You have moved past my knowledge of how the MSBuild system works, but the solution above sounds like it has the flexibility we have been talking about. The only thing that I'm not sure about is the MSBuild CopyTaks. Doesn't the copy task flatten its input list of files into the output directory - so you'd loose the deep folder structure again? Also, would this structure be able to support multiple destination folders? Oh, that is the comment about using $(TargetDir)...

fearthecowboy commented 10 years ago

Live neck deep in this problem for the last five years, and you would quickly learn the deepest, darkest things about MSBuild.

The funniest part is that I wrote a prototype a few year ago of a build automation tool (what eventually became the invoke-build command in CoApp) that internally worked fairly similar to MSBuild . It wasn't very hard to move to using MSBuild for the underlying engine later...

The copy task maintains the folder layout (when used correctly :D )..

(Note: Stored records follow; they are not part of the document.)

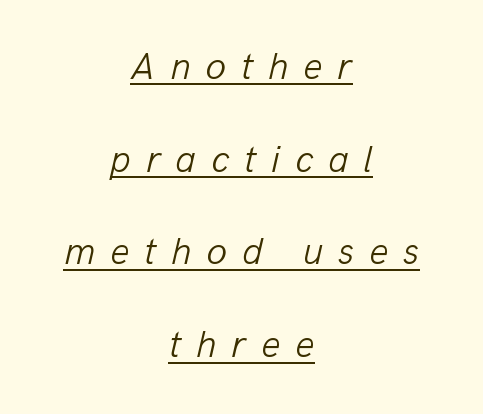
The image shows 38 px light type, italic (leaning right); set centered, loose line spacing (2.44x), unusually wide letter spacing (+0.39 em), underlined; low stroke contrast and a medium x-height.
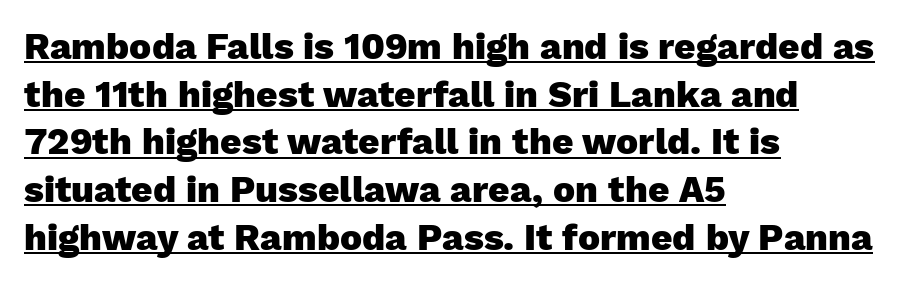
Emphasis by weight is at full strength: bold. A typesetter would label this face a sans. These lines keep a tight, regular rhythm from letter to letter. Think of a printed novel: that variable character pitch is what you see here. The passage is arranged the way most books set body copy — flush left.
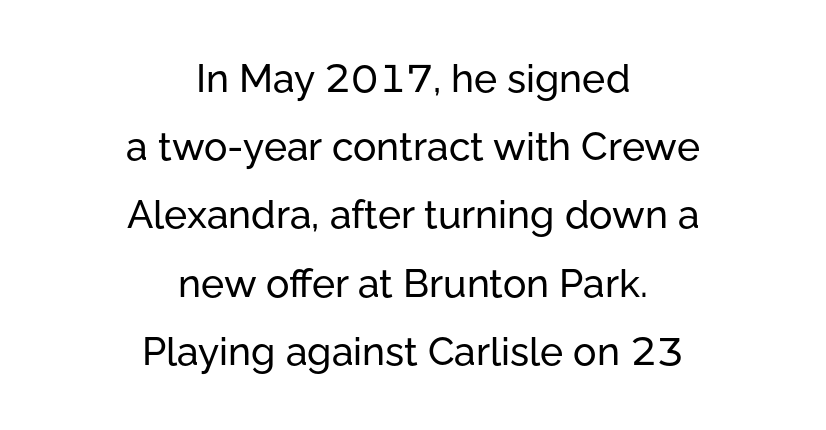
The image shows 39 px sans-serif type, upright; set centered, line spacing 1.75x, normal letter spacing, not underlined; low stroke contrast and a medium x-height.
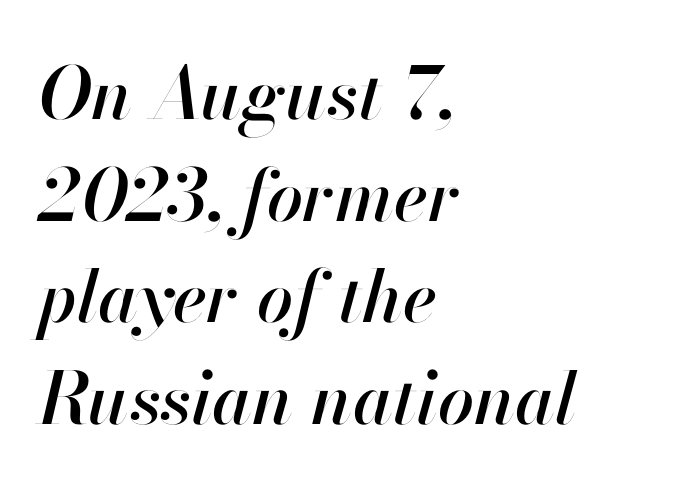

And, yeah, this will support multiple, arbitrary destinations.

gordonwatts commented 10 years ago

Sweet! Thanks, and sorry for your pain. :-) (though I live neck deep in makefiles on Linux as part of my work, and I think MSBuild is better). And looking forward to testing what you've got. :-)

fearthecowboy commented 10 years ago

I've got a new Development version posted that supports this.(see the issue #27 thread for the example)

use

  PS > update-coapptools –Development -killallpowershells

To update to my current Dev version (as of this moment, 2.4.164.0 )

As soon as I can get a bit more testing on this to make sure that it's at least fairly stable, and doesn't have any really broken things, I'll promote this to 'Beta'

yodantauber commented 10 years ago

Thanks, I've been able to get this to work much in the same way that gordonwatts has.